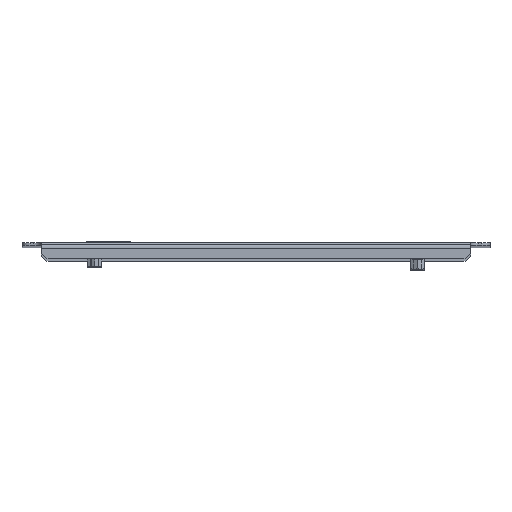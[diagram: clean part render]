
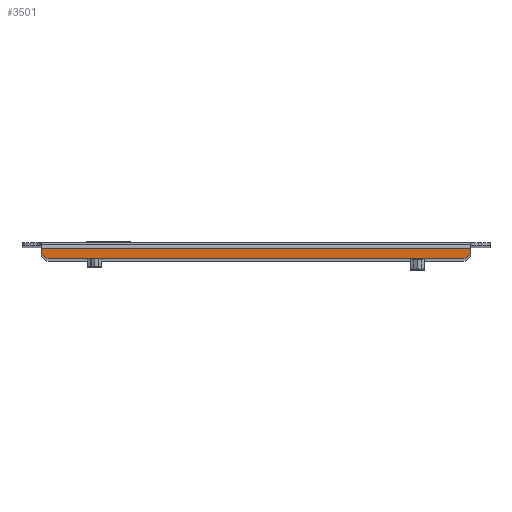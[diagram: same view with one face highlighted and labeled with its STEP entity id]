
A CAD part, top view. The second image highlights one B-rep face of the part: STEP entity #3501.
In plain terms, the highlighted planar face has unit normal (0, 0, 1).
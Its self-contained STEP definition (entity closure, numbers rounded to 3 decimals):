
#442 = CARTESIAN_POINT ( 'NONE',  ( 128., -5., 545. ) ) ;
#821 = AXIS2_PLACEMENT_3D ( 'NONE', #5518, #1041, #8241 ) ;
#1041 = DIRECTION ( 'NONE',  ( 0., 0., 1. ) ) ;
#1229 = LINE ( 'NONE', #5884, #11346 ) ;
#1515 = CARTESIAN_POINT ( 'NONE',  ( 128., -10., 545. ) ) ;
#1664 = ORIENTED_EDGE ( 'NONE', *, *, #5493, .F. ) ;
#1793 = DIRECTION ( 'NONE',  ( 0., -1., 0. ) ) ;
#1840 = DIRECTION ( 'NONE',  ( 0., 0., 1. ) ) ;
#1848 = VERTEX_POINT ( 'NONE', #1515 ) ;
#1855 = LINE ( 'NONE', #7406, #8383 ) ;
#2005 = ORIENTED_EDGE ( 'NONE', *, *, #3087, .T. ) ;
#2206 = CARTESIAN_POINT ( 'NONE',  ( -128., -10., 545. ) ) ;
#2214 = LINE ( 'NONE', #5809, #10778 ) ;
#2461 = AXIS2_PLACEMENT_3D ( 'NONE', #2677, #1840, #1793 ) ;
#2503 = DIRECTION ( 'NONE',  ( -1., 0., 0. ) ) ;
#2534 = ORIENTED_EDGE ( 'NONE', *, *, #9782, .T. ) ;
#2677 = CARTESIAN_POINT ( 'NONE',  ( 0., 541.978, 545. ) ) ;
#3087 = EDGE_CURVE ( 'NONE', #7009, #1848, #1855, .T. ) ;
#3220 = CARTESIAN_POINT ( 'NONE',  ( -133., -5., 545. ) ) ;
#3501 = ADVANCED_FACE ( 'NONE', ( #7160 ), #9931, .T. ) ;
#3566 = DIRECTION ( 'NONE',  ( 1., 0., 0. ) ) ;
#4016 = AXIS2_PLACEMENT_3D ( 'NONE', #442, #5850, #9288 ) ;
#4428 = VERTEX_POINT ( 'NONE', #11029 ) ;
#4795 = ORIENTED_EDGE ( 'NONE', *, *, #4945, .F. ) ;
#4945 = EDGE_CURVE ( 'NONE', #6930, #4428, #1229, .T. ) ;
#5493 = EDGE_CURVE ( 'NONE', #7974, #10279, #2214, .T. ) ;
#5518 = CARTESIAN_POINT ( 'NONE',  ( -128., -5., 545. ) ) ;
#5809 = CARTESIAN_POINT ( 'NONE',  ( -133., 23.978, 545. ) ) ;
#5850 = DIRECTION ( 'NONE',  ( 0., 0., 1. ) ) ;
#5855 = CARTESIAN_POINT ( 'NONE',  ( -133., -3.5, 545. ) ) ;
#5884 = CARTESIAN_POINT ( 'NONE',  ( 133., 23.978, 545. ) ) ;
#6930 = VERTEX_POINT ( 'NONE', #7281 ) ;
#7009 = VERTEX_POINT ( 'NONE', #2206 ) ;
#7033 = EDGE_CURVE ( 'NONE', #1848, #4428, #9682, .T. ) ;
#7160 = FACE_OUTER_BOUND ( 'NONE', #7338, .T. ) ;
#7281 = CARTESIAN_POINT ( 'NONE',  ( 133., -3.5, 545. ) ) ;
#7338 = EDGE_LOOP ( 'NONE', ( #1664, #2534, #2005, #9284, #4795, #10738 ) ) ;
#7406 = CARTESIAN_POINT ( 'NONE',  ( 145., -10., 545. ) ) ;
#7974 = VERTEX_POINT ( 'NONE', #3220 ) ;
#7993 = CARTESIAN_POINT ( 'NONE',  ( 0., -3.5, 545. ) ) ;
#8241 = DIRECTION ( 'NONE',  ( 0., -1., 0. ) ) ;
#8327 = VECTOR ( 'NONE', #2503, 1000. ) ;
#8383 = VECTOR ( 'NONE', #3566, 1000. ) ;
#8878 = LINE ( 'NONE', #7993, #8327 ) ;
#9284 = ORIENTED_EDGE ( 'NONE', *, *, #7033, .T. ) ;
#9288 = DIRECTION ( 'NONE',  ( 0., -1., 0. ) ) ;
#9413 = DIRECTION ( 'NONE',  ( 0., 1., 0. ) ) ;
#9682 = CIRCLE ( 'NONE', #4016, 5. ) ;
#9782 = EDGE_CURVE ( 'NONE', #7974, #7009, #11536, .T. ) ;
#9931 = PLANE ( 'NONE',  #2461 ) ;
#10264 = DIRECTION ( 'NONE',  ( 0., -1., 0. ) ) ;
#10279 = VERTEX_POINT ( 'NONE', #5855 ) ;
#10738 = ORIENTED_EDGE ( 'NONE', *, *, #11629, .T. ) ;
#10778 = VECTOR ( 'NONE', #9413, 1000. ) ;
#11029 = CARTESIAN_POINT ( 'NONE',  ( 133., -5., 545. ) ) ;
#11346 = VECTOR ( 'NONE', #10264, 1000. ) ;
#11536 = CIRCLE ( 'NONE', #821, 5. ) ;
#11629 = EDGE_CURVE ( 'NONE', #6930, #10279, #8878, .T. ) ;

:::

** Aim of the task **
Leave the pictures out and repeat exactly the lines from the beginning of the records to the line bearing "Its self-contained STEP", both ends counted.

** Written reply **
[diagram: clean part render]
[diagram: same view with one face highlighted and labeled with its STEP entity id]
A CAD part, top view. The second image highlights one B-rep face of the part: STEP entity #3501.
In plain terms, the highlighted planar face has unit normal (0, 0, 1).
Its self-contained STEP definition (entity closure, numbers rounded to 3 decimals):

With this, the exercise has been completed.